• _What to do_
A faithful copy of the entries, without any pictures, is what is needed here.
::: Data for review :::
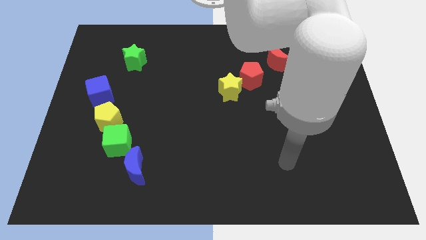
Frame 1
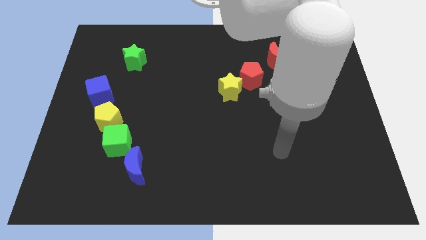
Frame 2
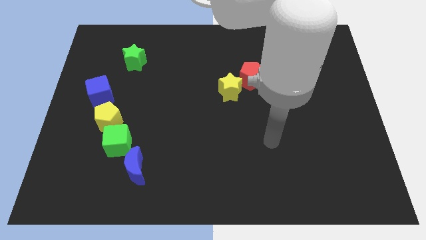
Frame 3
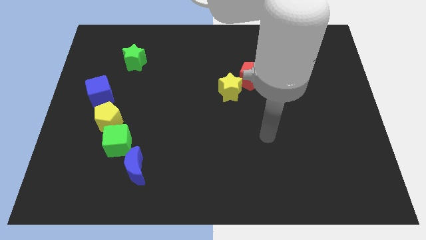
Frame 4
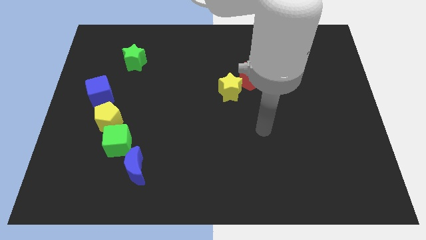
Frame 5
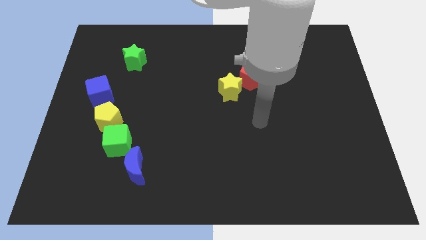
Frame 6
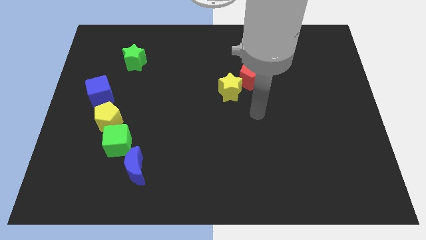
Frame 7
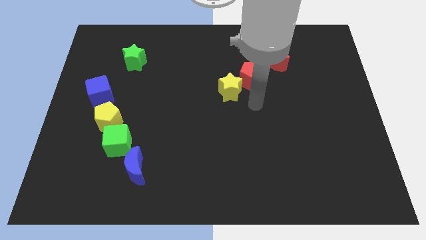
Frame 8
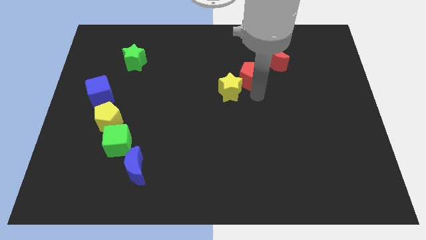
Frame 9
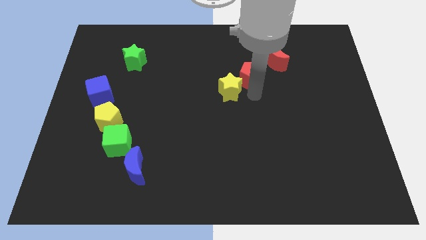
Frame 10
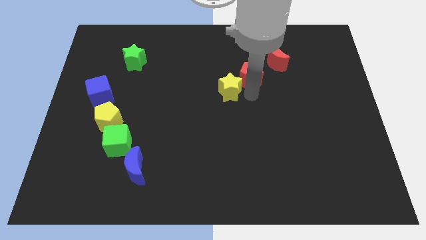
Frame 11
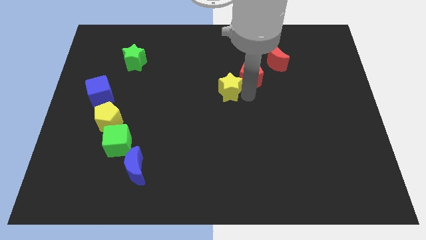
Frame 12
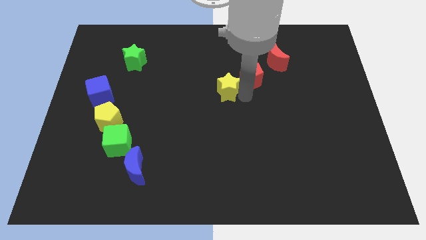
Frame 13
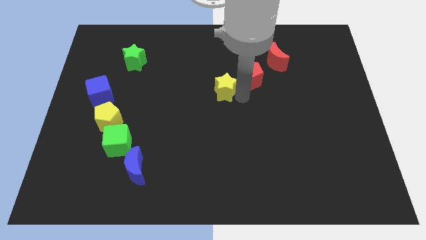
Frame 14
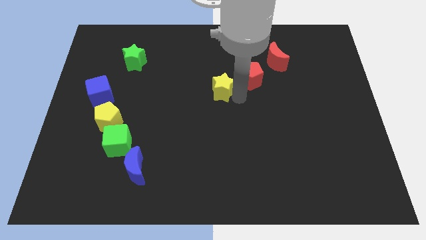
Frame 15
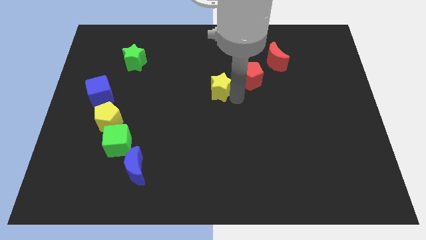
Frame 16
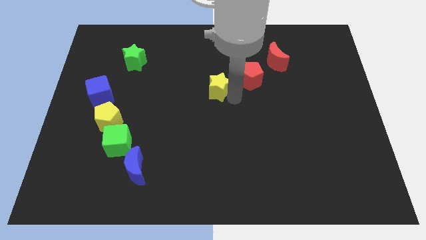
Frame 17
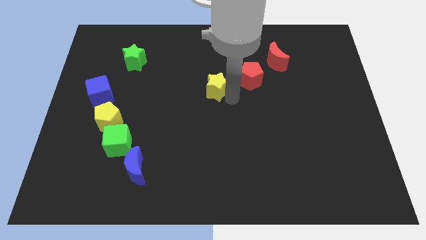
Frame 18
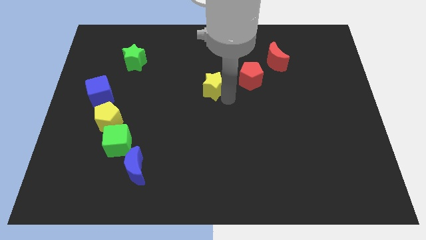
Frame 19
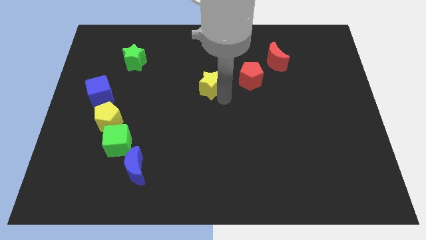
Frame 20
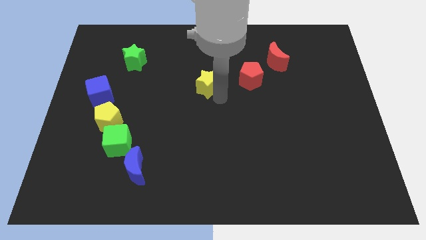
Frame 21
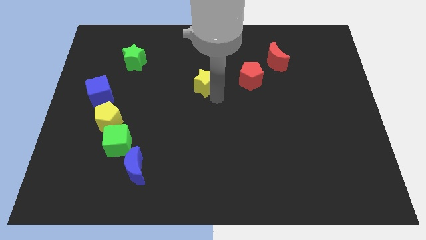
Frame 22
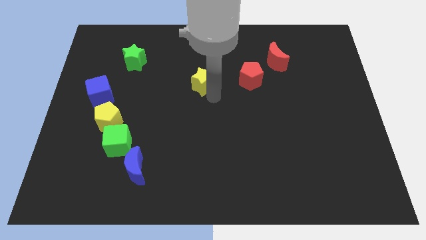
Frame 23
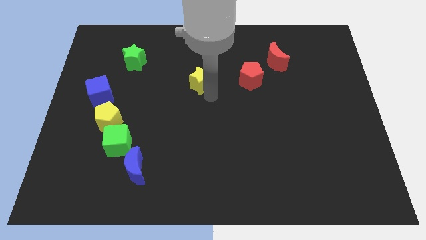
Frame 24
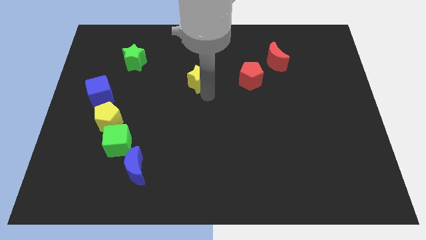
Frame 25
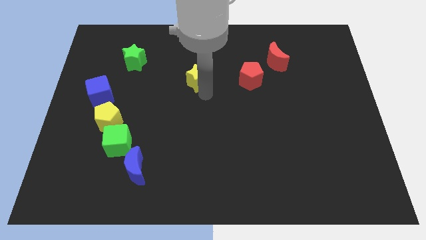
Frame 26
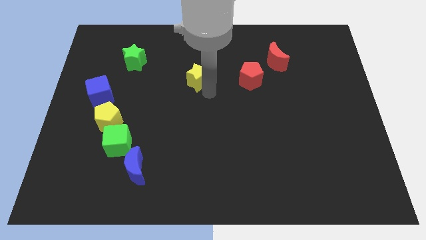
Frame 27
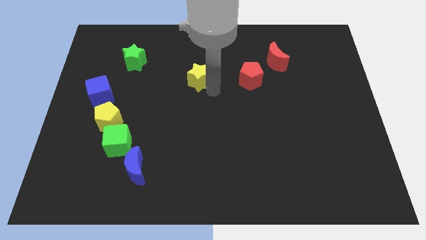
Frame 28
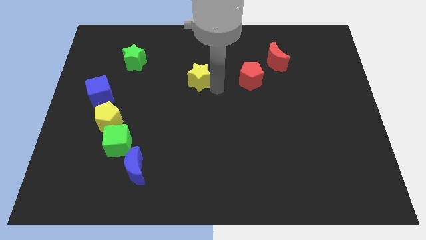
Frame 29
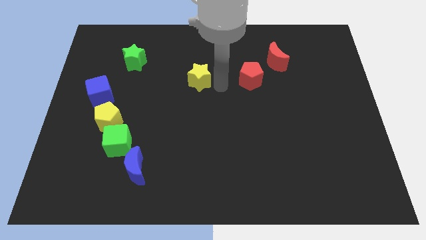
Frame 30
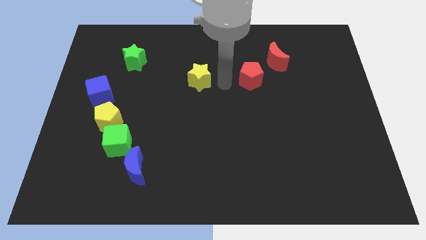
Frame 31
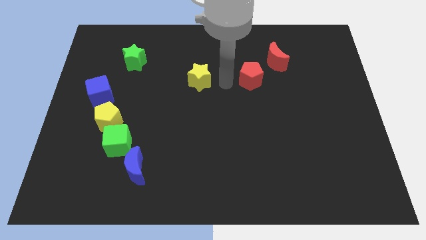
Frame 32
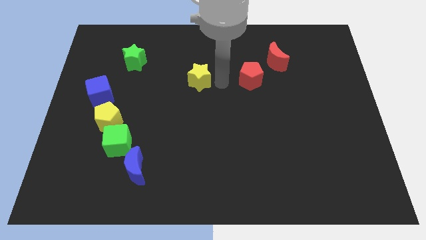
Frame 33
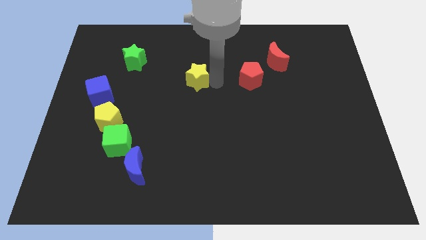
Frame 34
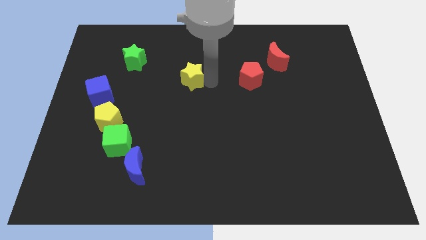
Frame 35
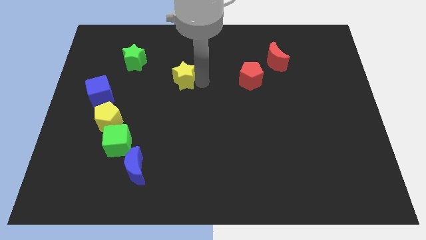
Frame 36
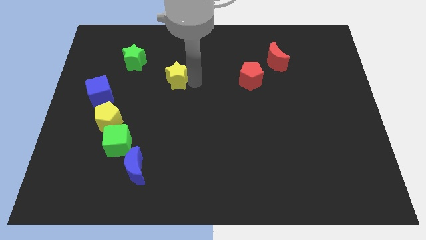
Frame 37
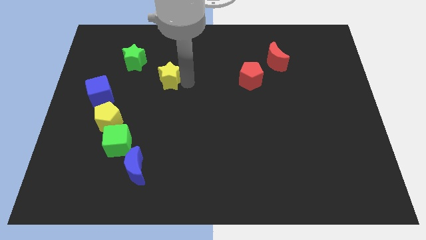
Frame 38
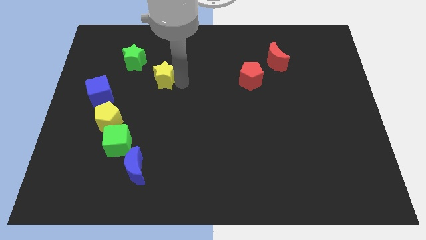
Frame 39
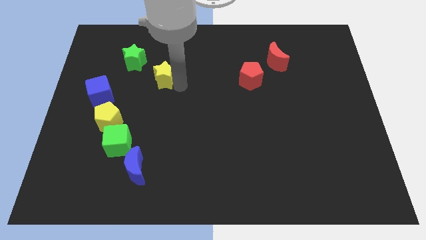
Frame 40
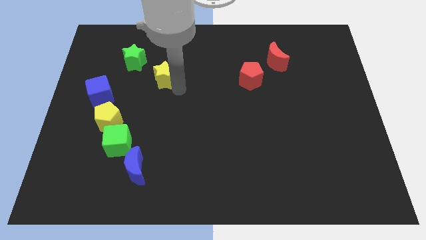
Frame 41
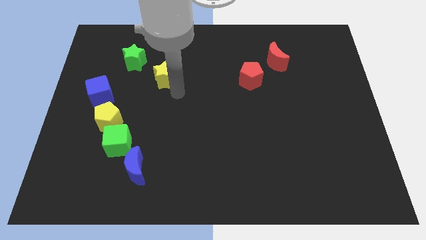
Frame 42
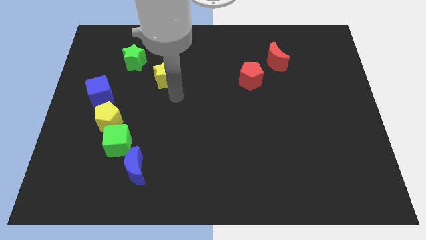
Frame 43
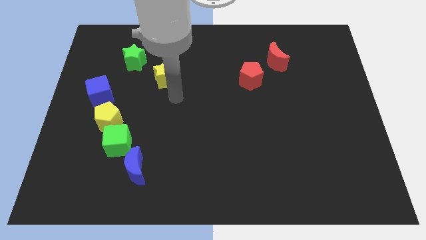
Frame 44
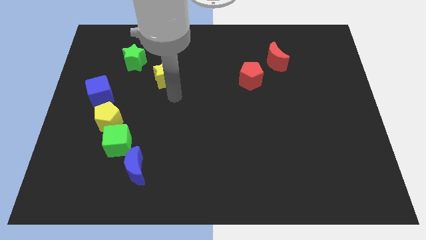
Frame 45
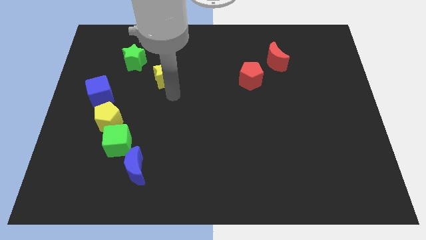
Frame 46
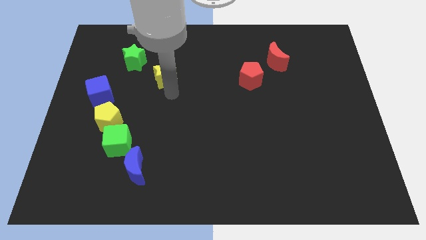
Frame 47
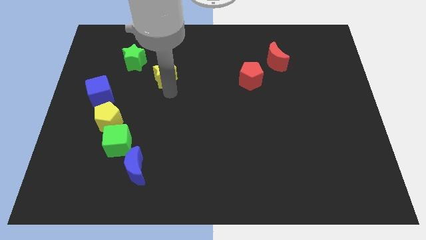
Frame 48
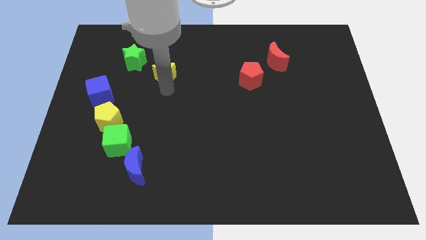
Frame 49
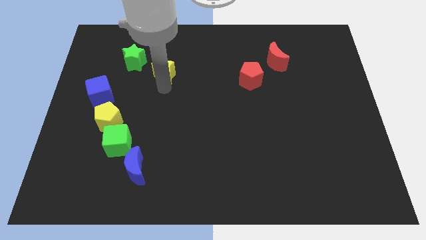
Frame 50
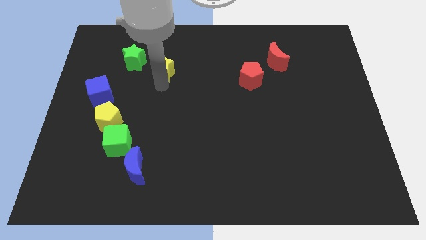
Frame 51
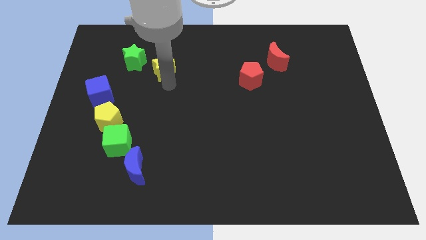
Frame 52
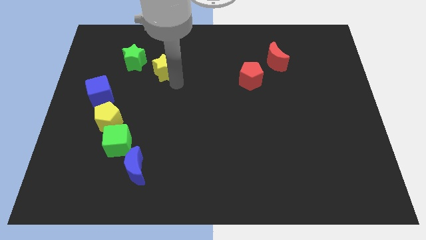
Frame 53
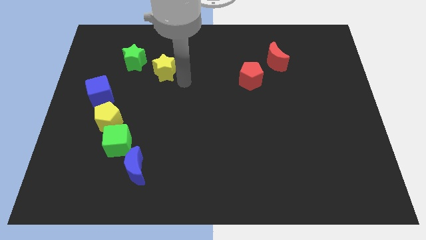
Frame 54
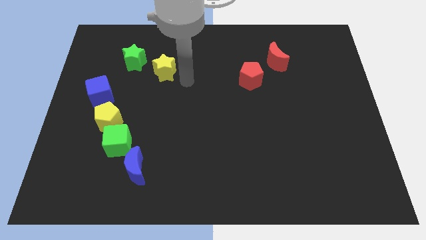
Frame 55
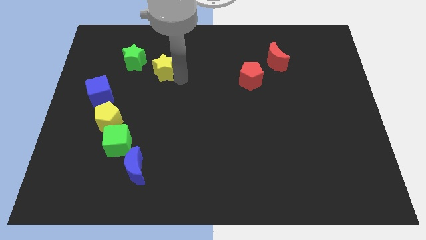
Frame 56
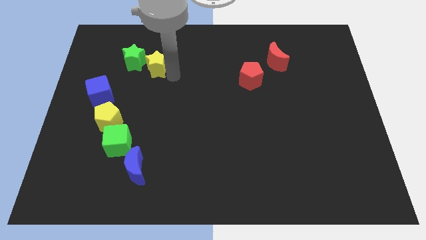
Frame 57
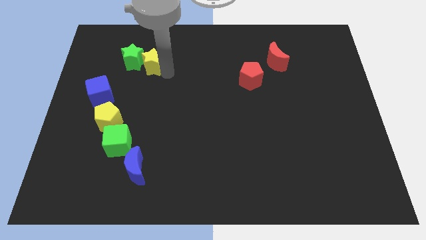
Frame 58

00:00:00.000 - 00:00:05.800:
:::
• _Output of the exercise_
Frame 1
Frame 2
Frame 3
Frame 4
Frame 5
Frame 6
Frame 7
Frame 8
Frame 9
Frame 10
Frame 11
Frame 12
Frame 13
Frame 14
Frame 15
Frame 16
Frame 17
Frame 18
Frame 19
Frame 20
Frame 21
Frame 22
Frame 23
Frame 24
Frame 25
Frame 26
Frame 27
Frame 28
Frame 29
Frame 30
Frame 31
Frame 32
Frame 33
Frame 34
Frame 35
Frame 36
Frame 37
Frame 38
Frame 39
Frame 40
Frame 41
Frame 42
Frame 43
Frame 44
Frame 45
Frame 46
Frame 47
Frame 48
Frame 49
Frame 50
Frame 51
Frame 52
Frame 53
Frame 54
Frame 55
Frame 56
Frame 57
Frame 58

00:00:00.000 - 00:00:05.800:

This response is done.